Ivan Krastev
Sofia, Bulgaria — THE recent release of the so-called
Panama Papers raises a lot of questions, one of which is: Is it better for an
authoritarian regime to fight corruption, or work with it? Presidents Xi Jinping of China and Vladimir V. Putin of Russia point us to two very
different answers.
In 2012 President Xi, calling corruption an
existential threat to China’s Communist rule, undertook a broad campaign to
purge the Communist Party of what he called “tigers and flies” — corrupt
officials and businesses, at every level of the party apparatus and government
bureaucracy. As of last year, the campaign had netted more than 100
high-ranking officials, including a dozen military officers, several senior
executives of state-owned companies and four top politicians.
Critics of the regime tend to blame President Xi for
using the campaign to eliminate his rivals, but the anti-corruption effort is
highly popular with the public, and many independent analysts agree that it
helped galvanize further reforms in semiprivate industries like the oil sector.
President Putin has followed Mr. Xi’s lead, at least
rhetorically — except that in his nearly 17 years in power, not a single
political “tiger,” to borrow Mr. Xi’s term, and only a few “flies” have been
brought down by corruption charges.
But why is Mr. Putin, despite his willingness to start
military wars, reluctant to declare a real war on corruption — even though, as
Mr. Xi has found, anti-corruption campaigns are usually popular with the
public?
Only a fool would argue
that there’s a dearth of corruption in Russia. Recent opinion polls from Moscow’s independent Levada Center indicate that
a majority of people view state bureaucracy as irremediably corrupt. Russian
movies and novels are full of officials who take bribes. Why then is the
Kremlin so unwilling to undertake a cleanup, particularly in a moment when
cutting the cost of corruption could compensate for depressed oil prices?
The commonplace explanation in the Western media is
that Mr. Putin himself is deeply corrupt — indeed, that he sits at the
epicenter of Russia’s corrupt edifice. This may be so. But as someone who has
spent his life in the Balkans (and therefore knows a thing about corruption), I
have learned that being corrupt is hardly a reason not to declare a war on
corruption; on the contrary, it could be an incentive, because there is nothing
that corrupt politicians hate more than other people’s corruption.
The reason for Mr. Putin’s reluctance, then, is more
complicated.
On one hand, for him, mutual accusations of corruption
are the dirty bombs of the intra-elite wars, which cause a lot of collateral
damage. Research has long demonstrated that corruption, although hitting the
poorest groups in society hardest, is primarily a middle-class concern — and in
today’s Russia, the middle class to a great extent is composed of these same
bribe-taking officials that anti-corruption campaigns should target.
On the other hand, what matters in politics is not the
levels of corruption, but the public’s perception of how corrupt their country
is, and very often the link between the two is not direct.
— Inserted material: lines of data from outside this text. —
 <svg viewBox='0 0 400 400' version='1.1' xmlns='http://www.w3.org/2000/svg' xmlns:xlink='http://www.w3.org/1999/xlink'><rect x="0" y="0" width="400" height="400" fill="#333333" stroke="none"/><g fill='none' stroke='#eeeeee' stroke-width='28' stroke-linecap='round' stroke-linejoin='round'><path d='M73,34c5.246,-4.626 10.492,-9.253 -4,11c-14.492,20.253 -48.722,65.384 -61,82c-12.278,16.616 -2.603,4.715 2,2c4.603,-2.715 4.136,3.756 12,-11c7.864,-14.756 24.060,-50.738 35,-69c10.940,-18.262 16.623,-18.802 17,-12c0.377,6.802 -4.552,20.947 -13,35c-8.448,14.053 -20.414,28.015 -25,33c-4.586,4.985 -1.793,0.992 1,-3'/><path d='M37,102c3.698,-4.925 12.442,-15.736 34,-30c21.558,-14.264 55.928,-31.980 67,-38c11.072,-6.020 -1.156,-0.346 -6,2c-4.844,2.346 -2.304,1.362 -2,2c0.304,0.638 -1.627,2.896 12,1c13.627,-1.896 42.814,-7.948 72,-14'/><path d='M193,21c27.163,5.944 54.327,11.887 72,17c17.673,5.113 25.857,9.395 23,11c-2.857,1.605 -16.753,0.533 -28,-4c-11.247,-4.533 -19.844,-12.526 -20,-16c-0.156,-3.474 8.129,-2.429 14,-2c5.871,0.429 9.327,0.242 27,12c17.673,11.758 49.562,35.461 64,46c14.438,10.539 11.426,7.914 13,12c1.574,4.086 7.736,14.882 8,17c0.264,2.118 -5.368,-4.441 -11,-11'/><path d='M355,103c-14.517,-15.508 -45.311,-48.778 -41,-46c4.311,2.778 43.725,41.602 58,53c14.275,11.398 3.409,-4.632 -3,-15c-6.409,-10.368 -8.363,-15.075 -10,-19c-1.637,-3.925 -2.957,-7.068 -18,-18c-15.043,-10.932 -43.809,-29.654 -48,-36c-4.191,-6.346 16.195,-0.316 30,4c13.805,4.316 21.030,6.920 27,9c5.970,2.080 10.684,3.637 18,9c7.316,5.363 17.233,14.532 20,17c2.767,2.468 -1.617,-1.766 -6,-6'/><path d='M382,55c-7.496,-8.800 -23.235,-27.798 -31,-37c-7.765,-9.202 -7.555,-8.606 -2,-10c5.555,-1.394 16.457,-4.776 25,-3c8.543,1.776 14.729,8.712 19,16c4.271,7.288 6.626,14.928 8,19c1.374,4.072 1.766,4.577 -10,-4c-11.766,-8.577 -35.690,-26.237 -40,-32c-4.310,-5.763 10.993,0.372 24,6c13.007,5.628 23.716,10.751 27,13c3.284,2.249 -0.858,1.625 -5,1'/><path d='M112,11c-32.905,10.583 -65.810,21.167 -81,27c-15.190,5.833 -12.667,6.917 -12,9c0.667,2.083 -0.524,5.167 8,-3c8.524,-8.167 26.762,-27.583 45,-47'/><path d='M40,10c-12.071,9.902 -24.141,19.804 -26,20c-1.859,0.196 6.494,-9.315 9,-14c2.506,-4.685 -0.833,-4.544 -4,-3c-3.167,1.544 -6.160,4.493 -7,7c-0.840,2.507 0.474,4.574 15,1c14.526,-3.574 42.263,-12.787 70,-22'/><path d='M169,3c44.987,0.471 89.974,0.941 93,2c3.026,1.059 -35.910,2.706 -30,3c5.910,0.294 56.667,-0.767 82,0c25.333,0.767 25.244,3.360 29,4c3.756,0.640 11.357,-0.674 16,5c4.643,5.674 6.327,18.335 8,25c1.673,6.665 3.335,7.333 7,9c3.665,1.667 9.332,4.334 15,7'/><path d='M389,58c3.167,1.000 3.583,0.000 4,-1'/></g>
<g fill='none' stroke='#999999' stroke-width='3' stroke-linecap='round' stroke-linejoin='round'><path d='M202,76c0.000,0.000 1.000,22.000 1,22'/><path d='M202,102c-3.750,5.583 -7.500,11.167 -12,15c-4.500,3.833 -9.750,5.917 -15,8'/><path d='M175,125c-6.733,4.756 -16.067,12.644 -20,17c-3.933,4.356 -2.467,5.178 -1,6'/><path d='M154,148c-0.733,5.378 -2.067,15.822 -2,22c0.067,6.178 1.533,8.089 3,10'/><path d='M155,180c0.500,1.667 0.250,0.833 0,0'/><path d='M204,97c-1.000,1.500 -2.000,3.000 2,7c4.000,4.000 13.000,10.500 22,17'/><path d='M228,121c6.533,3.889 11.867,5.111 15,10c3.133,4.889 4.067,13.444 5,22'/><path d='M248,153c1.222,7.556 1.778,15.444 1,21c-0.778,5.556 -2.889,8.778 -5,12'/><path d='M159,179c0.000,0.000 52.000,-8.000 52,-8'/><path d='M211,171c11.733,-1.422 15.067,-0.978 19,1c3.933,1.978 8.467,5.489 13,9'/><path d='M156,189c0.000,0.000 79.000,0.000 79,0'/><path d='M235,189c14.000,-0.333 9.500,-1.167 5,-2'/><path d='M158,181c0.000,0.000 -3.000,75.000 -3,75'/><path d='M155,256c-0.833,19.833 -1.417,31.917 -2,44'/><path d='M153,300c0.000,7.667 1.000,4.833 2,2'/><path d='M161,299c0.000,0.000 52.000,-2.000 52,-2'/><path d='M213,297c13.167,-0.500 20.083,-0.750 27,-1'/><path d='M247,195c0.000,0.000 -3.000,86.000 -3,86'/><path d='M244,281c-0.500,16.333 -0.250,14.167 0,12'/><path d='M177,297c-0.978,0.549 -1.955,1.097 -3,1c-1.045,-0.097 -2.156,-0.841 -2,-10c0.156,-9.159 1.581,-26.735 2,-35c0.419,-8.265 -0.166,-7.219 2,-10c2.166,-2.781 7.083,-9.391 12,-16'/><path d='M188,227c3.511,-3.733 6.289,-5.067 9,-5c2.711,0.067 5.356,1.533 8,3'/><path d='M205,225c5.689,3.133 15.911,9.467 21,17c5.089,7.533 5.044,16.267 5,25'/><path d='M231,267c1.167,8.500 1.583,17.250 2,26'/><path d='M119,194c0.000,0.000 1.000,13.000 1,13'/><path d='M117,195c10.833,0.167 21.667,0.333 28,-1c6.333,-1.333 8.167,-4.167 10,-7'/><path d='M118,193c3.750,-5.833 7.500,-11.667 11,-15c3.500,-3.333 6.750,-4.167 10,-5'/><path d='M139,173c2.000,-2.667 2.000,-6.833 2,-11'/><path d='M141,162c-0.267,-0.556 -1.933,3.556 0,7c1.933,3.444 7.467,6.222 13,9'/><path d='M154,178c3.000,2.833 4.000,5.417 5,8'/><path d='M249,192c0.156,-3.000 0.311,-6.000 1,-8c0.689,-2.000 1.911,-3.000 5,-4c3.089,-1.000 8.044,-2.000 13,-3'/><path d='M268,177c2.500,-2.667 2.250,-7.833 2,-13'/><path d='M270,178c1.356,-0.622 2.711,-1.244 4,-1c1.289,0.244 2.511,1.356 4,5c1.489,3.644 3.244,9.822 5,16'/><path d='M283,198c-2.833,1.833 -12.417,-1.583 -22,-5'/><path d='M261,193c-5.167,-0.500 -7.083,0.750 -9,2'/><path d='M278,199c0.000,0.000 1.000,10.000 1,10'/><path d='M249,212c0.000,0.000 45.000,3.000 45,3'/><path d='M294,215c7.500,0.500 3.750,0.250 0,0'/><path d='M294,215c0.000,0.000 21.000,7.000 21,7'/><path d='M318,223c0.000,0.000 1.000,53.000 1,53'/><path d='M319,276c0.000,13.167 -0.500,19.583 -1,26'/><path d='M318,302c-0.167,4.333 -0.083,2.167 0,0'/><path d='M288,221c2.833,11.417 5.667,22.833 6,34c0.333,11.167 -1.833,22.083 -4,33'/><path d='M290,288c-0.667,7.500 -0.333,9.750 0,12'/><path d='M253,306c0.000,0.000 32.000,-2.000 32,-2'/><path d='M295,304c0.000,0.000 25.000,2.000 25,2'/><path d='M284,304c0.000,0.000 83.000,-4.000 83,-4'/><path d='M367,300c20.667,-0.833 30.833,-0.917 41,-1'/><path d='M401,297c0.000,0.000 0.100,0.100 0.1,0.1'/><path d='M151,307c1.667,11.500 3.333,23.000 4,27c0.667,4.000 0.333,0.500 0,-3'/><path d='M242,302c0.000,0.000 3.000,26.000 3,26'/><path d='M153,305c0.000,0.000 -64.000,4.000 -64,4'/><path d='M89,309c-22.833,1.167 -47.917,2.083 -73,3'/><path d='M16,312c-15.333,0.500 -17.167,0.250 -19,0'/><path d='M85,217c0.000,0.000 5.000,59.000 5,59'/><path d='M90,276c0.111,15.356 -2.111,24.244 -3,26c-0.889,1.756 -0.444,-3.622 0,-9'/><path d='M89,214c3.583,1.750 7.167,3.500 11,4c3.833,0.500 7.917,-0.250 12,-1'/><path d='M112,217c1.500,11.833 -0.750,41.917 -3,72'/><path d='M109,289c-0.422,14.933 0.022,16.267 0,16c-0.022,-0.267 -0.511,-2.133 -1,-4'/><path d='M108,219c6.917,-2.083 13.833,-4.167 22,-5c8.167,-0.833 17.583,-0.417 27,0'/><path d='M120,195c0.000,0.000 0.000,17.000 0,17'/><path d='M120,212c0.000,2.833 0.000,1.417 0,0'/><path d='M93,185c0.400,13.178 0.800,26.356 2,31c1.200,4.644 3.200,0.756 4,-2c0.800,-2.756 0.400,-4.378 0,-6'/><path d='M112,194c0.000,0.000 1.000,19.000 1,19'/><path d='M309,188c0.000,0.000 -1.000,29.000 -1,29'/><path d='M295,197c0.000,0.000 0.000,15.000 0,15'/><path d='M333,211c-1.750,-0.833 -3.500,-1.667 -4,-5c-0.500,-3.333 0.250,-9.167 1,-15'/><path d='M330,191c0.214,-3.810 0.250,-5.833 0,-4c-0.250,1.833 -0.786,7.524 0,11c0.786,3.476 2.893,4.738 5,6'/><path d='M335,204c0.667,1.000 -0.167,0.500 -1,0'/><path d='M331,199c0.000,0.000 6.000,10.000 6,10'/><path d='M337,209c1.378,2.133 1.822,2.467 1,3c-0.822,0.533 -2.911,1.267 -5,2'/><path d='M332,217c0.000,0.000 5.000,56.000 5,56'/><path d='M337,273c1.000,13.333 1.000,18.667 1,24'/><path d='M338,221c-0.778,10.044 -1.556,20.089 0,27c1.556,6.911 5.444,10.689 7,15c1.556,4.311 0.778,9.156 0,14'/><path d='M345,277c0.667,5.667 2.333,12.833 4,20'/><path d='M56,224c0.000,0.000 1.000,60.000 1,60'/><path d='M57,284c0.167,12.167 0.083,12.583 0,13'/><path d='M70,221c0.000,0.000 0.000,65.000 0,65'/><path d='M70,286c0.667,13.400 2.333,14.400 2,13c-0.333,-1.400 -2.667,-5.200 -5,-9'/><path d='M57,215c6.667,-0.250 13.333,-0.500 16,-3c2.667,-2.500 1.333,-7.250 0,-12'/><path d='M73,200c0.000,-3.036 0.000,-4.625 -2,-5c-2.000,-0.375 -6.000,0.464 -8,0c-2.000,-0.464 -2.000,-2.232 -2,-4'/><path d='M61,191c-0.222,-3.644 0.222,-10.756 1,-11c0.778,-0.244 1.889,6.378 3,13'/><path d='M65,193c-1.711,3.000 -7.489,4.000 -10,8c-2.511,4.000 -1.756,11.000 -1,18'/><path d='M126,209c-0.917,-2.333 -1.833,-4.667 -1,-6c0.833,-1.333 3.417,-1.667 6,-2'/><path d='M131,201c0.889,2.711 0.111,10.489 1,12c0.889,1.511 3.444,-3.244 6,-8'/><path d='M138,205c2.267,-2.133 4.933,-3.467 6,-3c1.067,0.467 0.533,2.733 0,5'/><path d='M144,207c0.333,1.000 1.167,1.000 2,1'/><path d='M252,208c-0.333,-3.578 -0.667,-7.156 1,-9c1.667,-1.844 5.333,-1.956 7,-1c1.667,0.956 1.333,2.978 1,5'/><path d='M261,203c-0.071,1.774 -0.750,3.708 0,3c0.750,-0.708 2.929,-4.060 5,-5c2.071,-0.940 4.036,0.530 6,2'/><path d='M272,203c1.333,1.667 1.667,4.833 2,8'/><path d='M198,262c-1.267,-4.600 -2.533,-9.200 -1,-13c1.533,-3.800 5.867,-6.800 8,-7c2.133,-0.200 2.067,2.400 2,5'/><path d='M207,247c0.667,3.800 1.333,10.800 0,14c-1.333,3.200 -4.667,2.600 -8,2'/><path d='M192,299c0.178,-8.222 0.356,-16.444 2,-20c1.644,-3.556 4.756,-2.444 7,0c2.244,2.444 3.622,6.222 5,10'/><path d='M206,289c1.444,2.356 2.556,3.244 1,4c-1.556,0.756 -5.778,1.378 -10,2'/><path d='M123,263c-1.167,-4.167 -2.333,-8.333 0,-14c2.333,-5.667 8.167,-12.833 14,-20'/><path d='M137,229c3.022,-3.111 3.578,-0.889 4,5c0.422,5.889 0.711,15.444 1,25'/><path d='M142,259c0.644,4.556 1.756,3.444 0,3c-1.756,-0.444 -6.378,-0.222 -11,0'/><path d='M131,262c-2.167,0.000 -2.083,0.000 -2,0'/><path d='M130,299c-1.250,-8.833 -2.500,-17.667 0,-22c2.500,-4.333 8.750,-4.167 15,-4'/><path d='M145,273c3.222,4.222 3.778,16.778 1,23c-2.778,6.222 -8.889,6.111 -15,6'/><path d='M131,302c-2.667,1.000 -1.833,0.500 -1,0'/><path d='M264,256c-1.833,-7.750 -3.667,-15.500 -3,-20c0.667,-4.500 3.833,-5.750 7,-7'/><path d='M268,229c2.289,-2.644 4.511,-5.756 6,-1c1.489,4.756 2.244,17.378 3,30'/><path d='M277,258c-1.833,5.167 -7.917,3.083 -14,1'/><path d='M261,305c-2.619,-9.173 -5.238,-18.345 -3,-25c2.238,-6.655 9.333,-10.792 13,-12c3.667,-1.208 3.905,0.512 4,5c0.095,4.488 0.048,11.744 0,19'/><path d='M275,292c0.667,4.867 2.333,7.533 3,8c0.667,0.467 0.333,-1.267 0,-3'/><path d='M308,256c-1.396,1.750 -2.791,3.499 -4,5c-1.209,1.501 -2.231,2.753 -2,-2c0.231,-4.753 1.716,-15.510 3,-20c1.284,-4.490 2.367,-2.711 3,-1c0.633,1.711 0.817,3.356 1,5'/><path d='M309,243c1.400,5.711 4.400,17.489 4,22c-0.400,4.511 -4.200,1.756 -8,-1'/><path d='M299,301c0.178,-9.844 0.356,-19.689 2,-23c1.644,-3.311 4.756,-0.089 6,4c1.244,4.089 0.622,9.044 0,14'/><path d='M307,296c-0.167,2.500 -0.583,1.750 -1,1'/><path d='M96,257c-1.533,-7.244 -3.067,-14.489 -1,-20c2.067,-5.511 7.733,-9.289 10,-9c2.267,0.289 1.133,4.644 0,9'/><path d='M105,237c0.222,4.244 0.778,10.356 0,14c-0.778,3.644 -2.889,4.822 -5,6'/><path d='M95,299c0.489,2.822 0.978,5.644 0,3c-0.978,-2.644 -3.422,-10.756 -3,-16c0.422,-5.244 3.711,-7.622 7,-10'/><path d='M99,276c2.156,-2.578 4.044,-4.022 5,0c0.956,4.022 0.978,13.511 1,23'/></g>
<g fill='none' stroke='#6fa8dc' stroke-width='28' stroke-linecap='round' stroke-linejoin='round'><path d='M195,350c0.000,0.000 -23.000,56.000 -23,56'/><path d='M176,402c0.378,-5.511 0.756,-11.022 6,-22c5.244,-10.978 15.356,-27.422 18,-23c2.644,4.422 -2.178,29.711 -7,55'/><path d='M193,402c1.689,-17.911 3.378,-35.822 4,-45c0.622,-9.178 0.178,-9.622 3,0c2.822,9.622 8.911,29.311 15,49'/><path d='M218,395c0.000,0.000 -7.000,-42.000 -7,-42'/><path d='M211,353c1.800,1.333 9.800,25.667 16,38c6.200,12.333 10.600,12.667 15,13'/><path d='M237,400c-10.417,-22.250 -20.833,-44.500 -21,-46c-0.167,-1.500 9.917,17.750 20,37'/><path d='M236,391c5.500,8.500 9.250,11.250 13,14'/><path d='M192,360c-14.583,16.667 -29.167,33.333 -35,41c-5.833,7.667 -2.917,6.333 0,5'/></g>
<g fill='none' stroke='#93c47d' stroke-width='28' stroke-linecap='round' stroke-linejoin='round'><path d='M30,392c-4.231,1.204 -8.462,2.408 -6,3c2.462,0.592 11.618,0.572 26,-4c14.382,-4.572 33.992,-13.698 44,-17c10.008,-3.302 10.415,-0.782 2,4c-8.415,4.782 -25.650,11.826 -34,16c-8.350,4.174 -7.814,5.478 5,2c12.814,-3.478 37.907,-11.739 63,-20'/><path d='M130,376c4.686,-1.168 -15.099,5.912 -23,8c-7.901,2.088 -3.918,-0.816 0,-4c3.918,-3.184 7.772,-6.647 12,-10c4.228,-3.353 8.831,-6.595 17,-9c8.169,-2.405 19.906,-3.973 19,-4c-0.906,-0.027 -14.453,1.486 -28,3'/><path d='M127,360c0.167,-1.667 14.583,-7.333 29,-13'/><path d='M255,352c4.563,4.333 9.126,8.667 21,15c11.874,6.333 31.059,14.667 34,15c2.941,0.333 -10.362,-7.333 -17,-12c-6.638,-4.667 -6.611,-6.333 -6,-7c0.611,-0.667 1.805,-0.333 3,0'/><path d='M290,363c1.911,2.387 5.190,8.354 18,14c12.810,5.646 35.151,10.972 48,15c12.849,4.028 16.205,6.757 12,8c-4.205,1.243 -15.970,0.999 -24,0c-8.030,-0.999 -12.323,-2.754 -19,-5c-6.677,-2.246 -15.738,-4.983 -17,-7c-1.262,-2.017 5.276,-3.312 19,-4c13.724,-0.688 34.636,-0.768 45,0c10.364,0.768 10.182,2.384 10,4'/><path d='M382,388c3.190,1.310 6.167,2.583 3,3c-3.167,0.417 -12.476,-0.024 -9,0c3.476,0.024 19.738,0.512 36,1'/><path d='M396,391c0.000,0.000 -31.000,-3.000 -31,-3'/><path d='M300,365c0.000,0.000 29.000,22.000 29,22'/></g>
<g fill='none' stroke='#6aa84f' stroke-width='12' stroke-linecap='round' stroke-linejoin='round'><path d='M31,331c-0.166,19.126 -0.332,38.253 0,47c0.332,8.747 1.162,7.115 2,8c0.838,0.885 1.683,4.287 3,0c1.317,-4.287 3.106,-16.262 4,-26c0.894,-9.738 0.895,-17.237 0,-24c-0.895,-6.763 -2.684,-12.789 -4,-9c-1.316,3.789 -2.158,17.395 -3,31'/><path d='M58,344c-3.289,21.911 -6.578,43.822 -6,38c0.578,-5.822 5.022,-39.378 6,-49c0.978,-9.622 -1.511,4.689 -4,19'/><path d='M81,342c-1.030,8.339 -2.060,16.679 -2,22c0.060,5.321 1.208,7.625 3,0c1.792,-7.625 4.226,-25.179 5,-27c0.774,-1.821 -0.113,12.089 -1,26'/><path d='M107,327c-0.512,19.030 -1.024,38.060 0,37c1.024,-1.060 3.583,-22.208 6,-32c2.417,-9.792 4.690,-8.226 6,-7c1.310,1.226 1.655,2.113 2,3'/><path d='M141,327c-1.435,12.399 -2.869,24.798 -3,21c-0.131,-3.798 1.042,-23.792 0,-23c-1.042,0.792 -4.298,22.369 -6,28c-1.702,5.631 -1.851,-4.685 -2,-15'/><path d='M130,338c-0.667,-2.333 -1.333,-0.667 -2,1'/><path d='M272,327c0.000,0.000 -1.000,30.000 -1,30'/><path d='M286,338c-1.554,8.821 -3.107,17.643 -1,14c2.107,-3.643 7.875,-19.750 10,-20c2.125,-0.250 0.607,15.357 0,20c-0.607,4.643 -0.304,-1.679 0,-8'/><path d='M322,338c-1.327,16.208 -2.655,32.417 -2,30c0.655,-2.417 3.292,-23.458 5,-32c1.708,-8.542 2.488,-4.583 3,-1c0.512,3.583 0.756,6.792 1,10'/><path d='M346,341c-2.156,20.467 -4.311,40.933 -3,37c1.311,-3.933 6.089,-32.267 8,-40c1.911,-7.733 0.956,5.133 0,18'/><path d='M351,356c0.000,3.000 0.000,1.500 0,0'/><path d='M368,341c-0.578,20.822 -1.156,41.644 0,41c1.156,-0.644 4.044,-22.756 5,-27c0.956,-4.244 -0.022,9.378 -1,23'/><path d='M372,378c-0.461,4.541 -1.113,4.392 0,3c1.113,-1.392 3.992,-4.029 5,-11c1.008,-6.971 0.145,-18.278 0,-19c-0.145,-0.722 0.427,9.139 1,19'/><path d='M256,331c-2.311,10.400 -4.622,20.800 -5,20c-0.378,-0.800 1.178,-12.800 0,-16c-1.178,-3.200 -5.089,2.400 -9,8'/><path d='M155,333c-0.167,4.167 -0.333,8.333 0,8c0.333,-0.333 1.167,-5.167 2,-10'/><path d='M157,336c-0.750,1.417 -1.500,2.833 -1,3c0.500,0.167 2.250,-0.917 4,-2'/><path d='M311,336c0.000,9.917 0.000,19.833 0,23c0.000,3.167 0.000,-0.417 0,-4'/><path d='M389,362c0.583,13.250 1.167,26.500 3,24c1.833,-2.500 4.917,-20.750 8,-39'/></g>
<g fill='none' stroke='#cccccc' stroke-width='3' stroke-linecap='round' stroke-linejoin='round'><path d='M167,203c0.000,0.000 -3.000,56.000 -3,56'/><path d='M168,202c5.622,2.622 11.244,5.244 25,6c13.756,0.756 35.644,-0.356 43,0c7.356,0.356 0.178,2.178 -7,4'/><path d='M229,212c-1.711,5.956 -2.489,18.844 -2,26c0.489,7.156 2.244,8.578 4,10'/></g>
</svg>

Small and successful
wars abroad can be a better instrument to change people’s perception of how
corrupt their country is than the actual efforts to reduce corruption.
Correlation is not causation, but in the wake of Crimea’s annexation, the
number of Russians who believed that corruption was increasing plummeted to 30
percent, from 50 percent.
Interestingly, there is one way that corruption itself
worries Mr. Putin: as a weapon that can be used by Russia’s external enemies
against him. What worries the Kremlin is not that Russian officials are
corrupt, but that they are vulnerable to Western pressure, since the assets
they stole, just like their children, are in the West. Corruption as a rule
helps unite elites, but it can also make them good recruits. (In this sense,
Moscow should not be unhappy about the West’s efforts to clean up hidden
offshore accounts.)
The Kremlin’s top priority then is not purging corrupt
elites, but nationalizing them. Russian elites have the right to be corrupt,
but only if they have proved their loyalty. Paradoxically, the West’s sanctions
against business figures closest to the Russian president helped whitewash some
of the most notoriously corrupt Russian oligarchs and allow Russian propaganda
to present them as selfless defenders of the motherland.
Ultimately, the most important reason for Mr. Putin’s
reluctance to declare a war on corruption is that any anti-corruption campaign
will inspire the public to demand change. It plays not only on the public’s
anger, but also on its aspirations. And it is precisely this demand for change
that the Kremlin fears most. Unlike in China, leaders in Russia avoid promising
that life will be better tomorrow; what they promise is that things will not
get worse. And unlike in China, they can afford to do so because the Russian
economy is driven not by the entrepreneurial energy of the masses, but by
natural resources.
This is why the Russian government is ready to
acknowledge corruption’s ubiquity — the slickest propaganda couldn’t convince
people otherwise. But the government also advances the idea that corruption is
a way of life and is thus a natural phenomenon. In a way, corruption is like
vodka: You know it hurts, but Russia is unimaginable without it.